● **BRIEF**
The records below must be transcribed exactly, with each picture left out.

● **EXTRACTED MATERIAL**
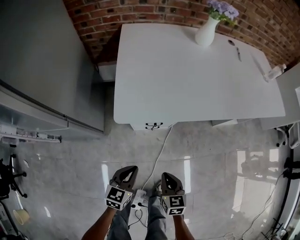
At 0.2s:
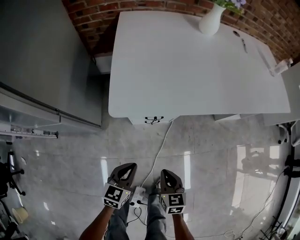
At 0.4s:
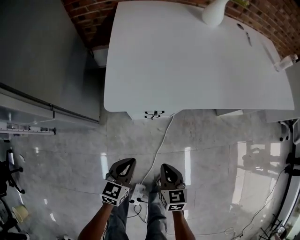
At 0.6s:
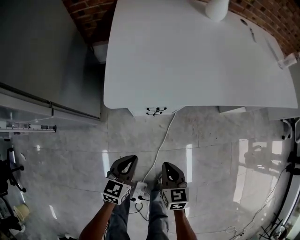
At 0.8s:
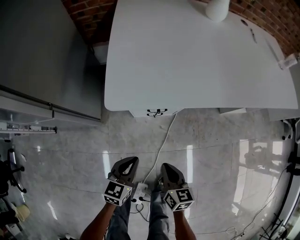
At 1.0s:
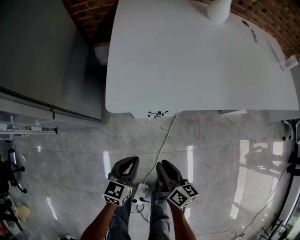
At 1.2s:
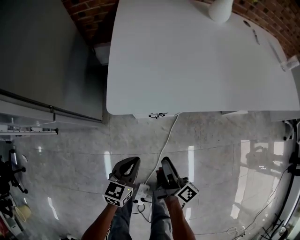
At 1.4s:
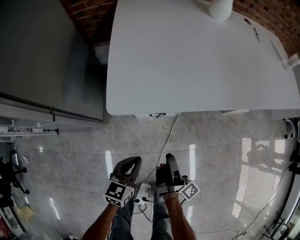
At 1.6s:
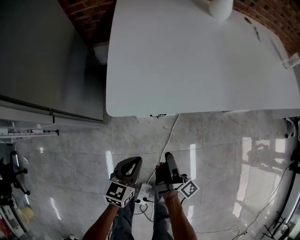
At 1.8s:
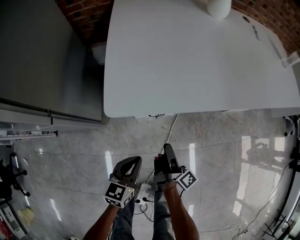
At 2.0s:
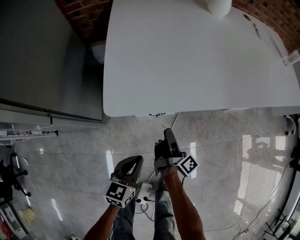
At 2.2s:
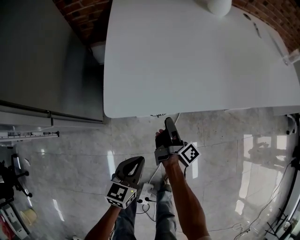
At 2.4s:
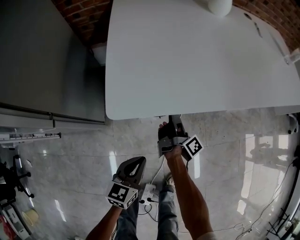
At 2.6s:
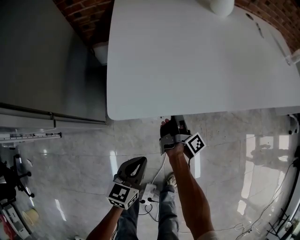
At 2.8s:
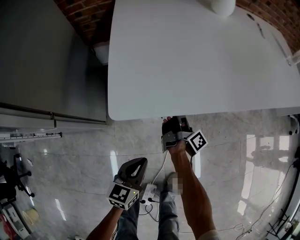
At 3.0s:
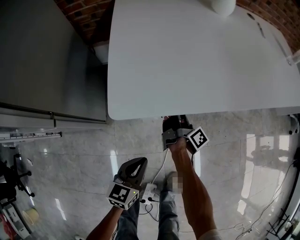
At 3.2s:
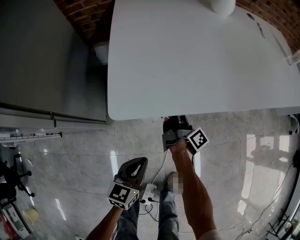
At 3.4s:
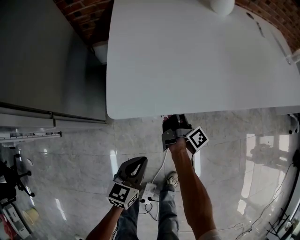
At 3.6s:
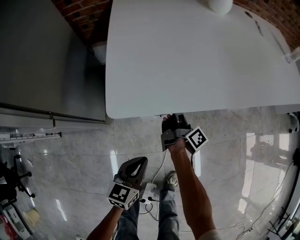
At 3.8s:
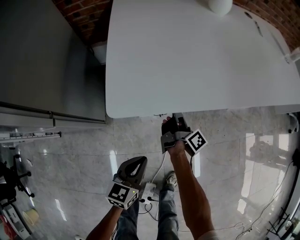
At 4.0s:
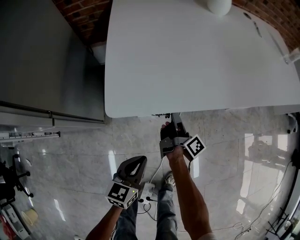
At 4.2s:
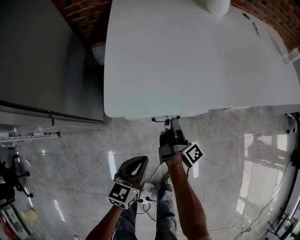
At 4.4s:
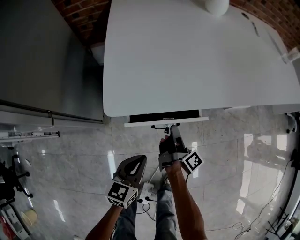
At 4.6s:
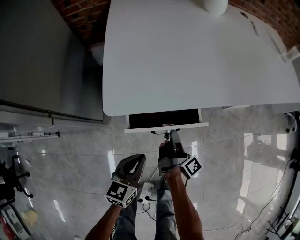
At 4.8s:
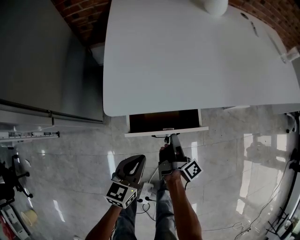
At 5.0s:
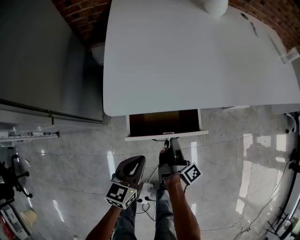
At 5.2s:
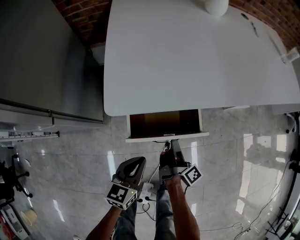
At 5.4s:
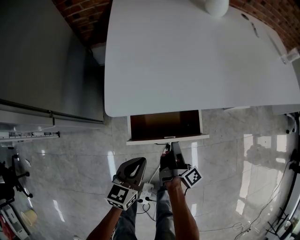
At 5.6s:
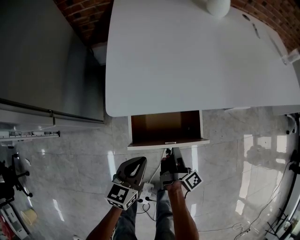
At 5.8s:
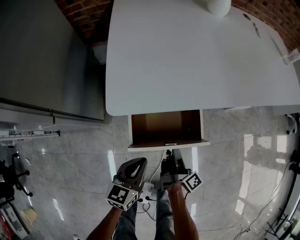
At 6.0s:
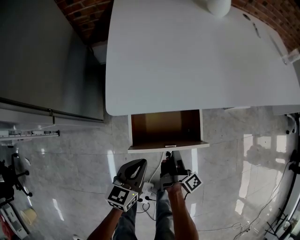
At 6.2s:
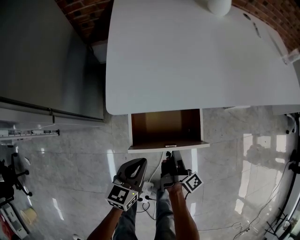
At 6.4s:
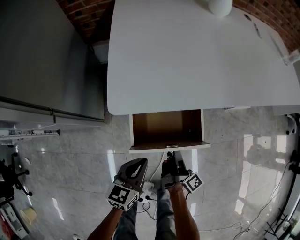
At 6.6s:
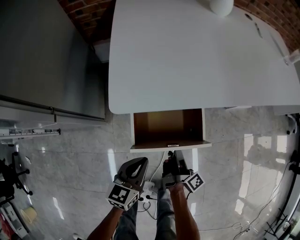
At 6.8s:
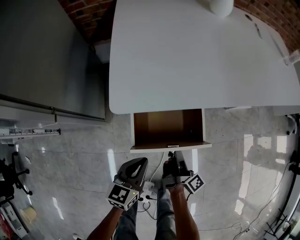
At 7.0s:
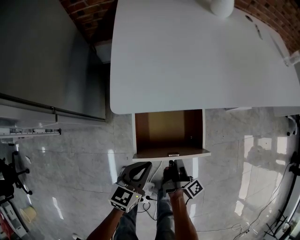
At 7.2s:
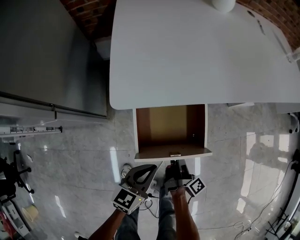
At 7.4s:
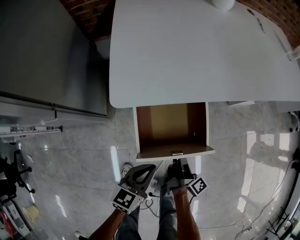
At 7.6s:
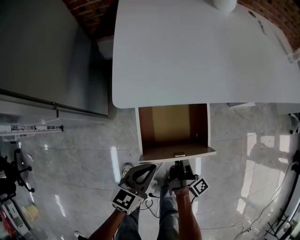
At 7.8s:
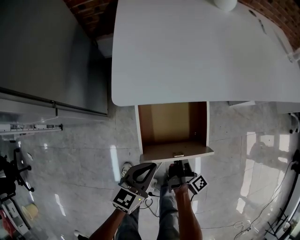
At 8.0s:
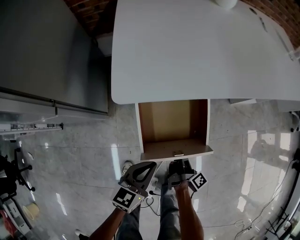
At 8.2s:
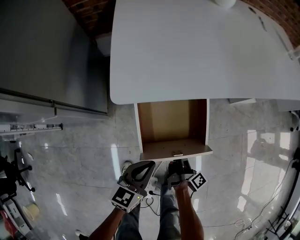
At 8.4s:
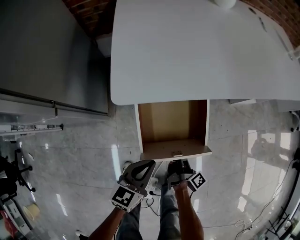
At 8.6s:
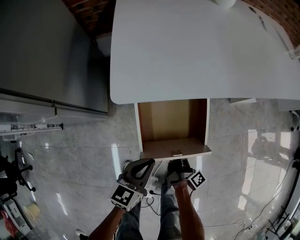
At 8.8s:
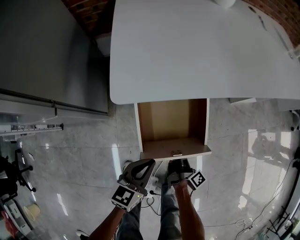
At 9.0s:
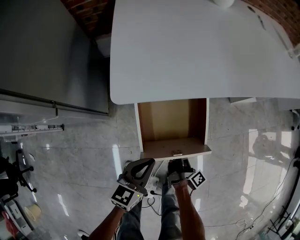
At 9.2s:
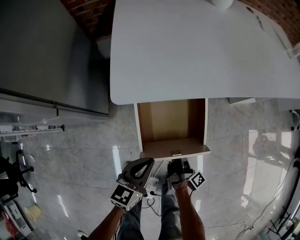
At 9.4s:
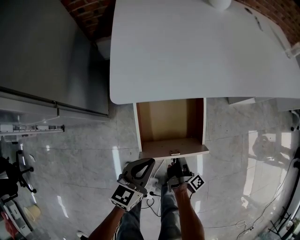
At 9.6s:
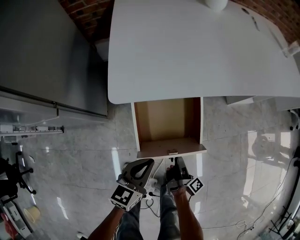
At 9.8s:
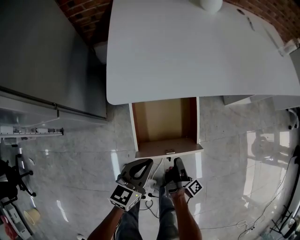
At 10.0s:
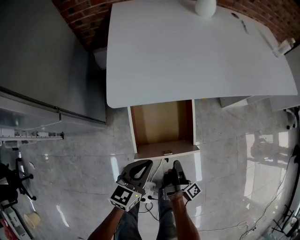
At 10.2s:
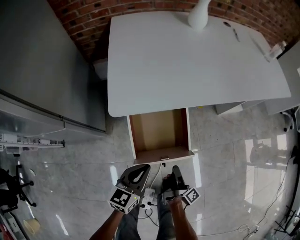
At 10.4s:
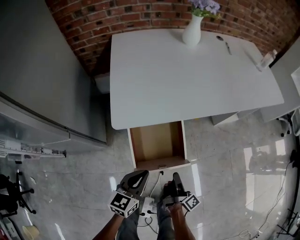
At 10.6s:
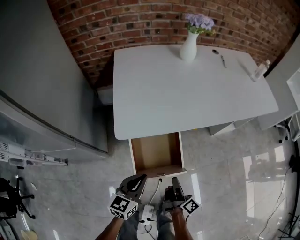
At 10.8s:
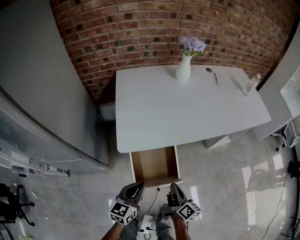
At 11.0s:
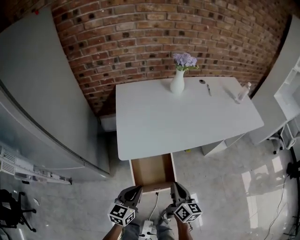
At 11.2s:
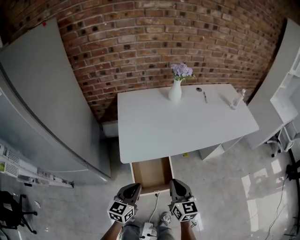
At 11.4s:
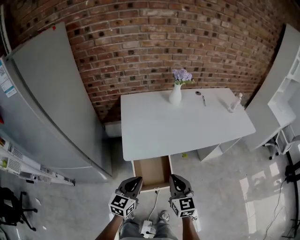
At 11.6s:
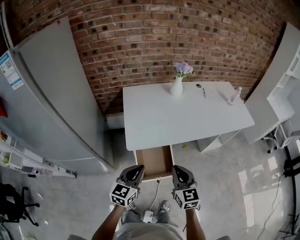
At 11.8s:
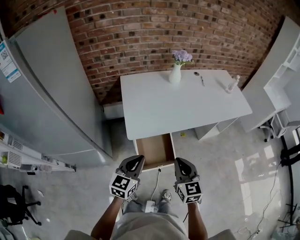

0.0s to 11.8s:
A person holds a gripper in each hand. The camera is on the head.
0.0s to 1.4s: The left gripper moves downward, approximately 5 cm. The right gripper goes roughly 5 cm forward, twists about 80 degrees clockwise, seen from behind, and opens.
1.4s to 3.0s: The right gripper shifts about 20 cm forward, and closes its fingers.
3.0s to 4.4s: The right gripper shifts about 10 cm backward.
4.4s to 6.0s: The right gripper heads backward, covering some 10 cm.
6.0s to 7.4s: The right gripper ends up some 5 cm from where it was.
7.4s to 8.8s: The grippers make only small movements.
8.8s to 10.4s: The right gripper is displaced upward by about 15 cm, and opens, then closes again. Meanwhile the left gripper heads upward, covering some 10 cm.
10.4s to 11.8s: The grippers both shift upward by about 30 cm. The right gripper rotates around the line of its fingers by about 90 degrees, counterclockwise from behind.

● **RESPONSE BELOW**
At 0.2s:
At 0.4s:
At 0.6s:
At 0.8s:
At 1.0s:
At 1.2s:
At 1.4s:
At 1.6s:
At 1.8s:
At 2.0s:
At 2.2s:
At 2.4s:
At 2.6s:
At 2.8s:
At 3.0s:
At 3.2s:
At 3.4s:
At 3.6s:
At 3.8s:
At 4.0s:
At 4.2s:
At 4.4s:
At 4.6s:
At 4.8s:
At 5.0s:
At 5.2s:
At 5.4s:
At 5.6s:
At 5.8s:
At 6.0s:
At 6.2s:
At 6.4s:
At 6.6s:
At 6.8s:
At 7.0s:
At 7.2s:
At 7.4s:
At 7.6s:
At 7.8s:
At 8.0s:
At 8.2s:
At 8.4s:
At 8.6s:
At 8.8s:
At 9.0s:
At 9.2s:
At 9.4s:
At 9.6s:
At 9.8s:
At 10.0s:
At 10.2s:
At 10.4s:
At 10.6s:
At 10.8s:
At 11.0s:
At 11.2s:
At 11.4s:
At 11.6s:
At 11.8s:

0.0s to 11.8s:
A person holds a gripper in each hand. The camera is on the head.
0.0s to 1.4s: The left gripper moves downward, approximately 5 cm. The right gripper goes roughly 5 cm forward, twists about 80 degrees clockwise, seen from behind, and opens.
1.4s to 3.0s: The right gripper shifts about 20 cm forward, and closes its fingers.
3.0s to 4.4s: The right gripper shifts about 10 cm backward.
4.4s to 6.0s: The right gripper heads backward, covering some 10 cm.
6.0s to 7.4s: The right gripper ends up some 5 cm from where it was.
7.4s to 8.8s: The grippers make only small movements.
8.8s to 10.4s: The right gripper is displaced upward by about 15 cm, and opens, then closes again. Meanwhile the left gripper heads upward, covering some 10 cm.
10.4s to 11.8s: The grippers both shift upward by about 30 cm. The right gripper rotates around the line of its fingers by about 90 degrees, counterclockwise from behind.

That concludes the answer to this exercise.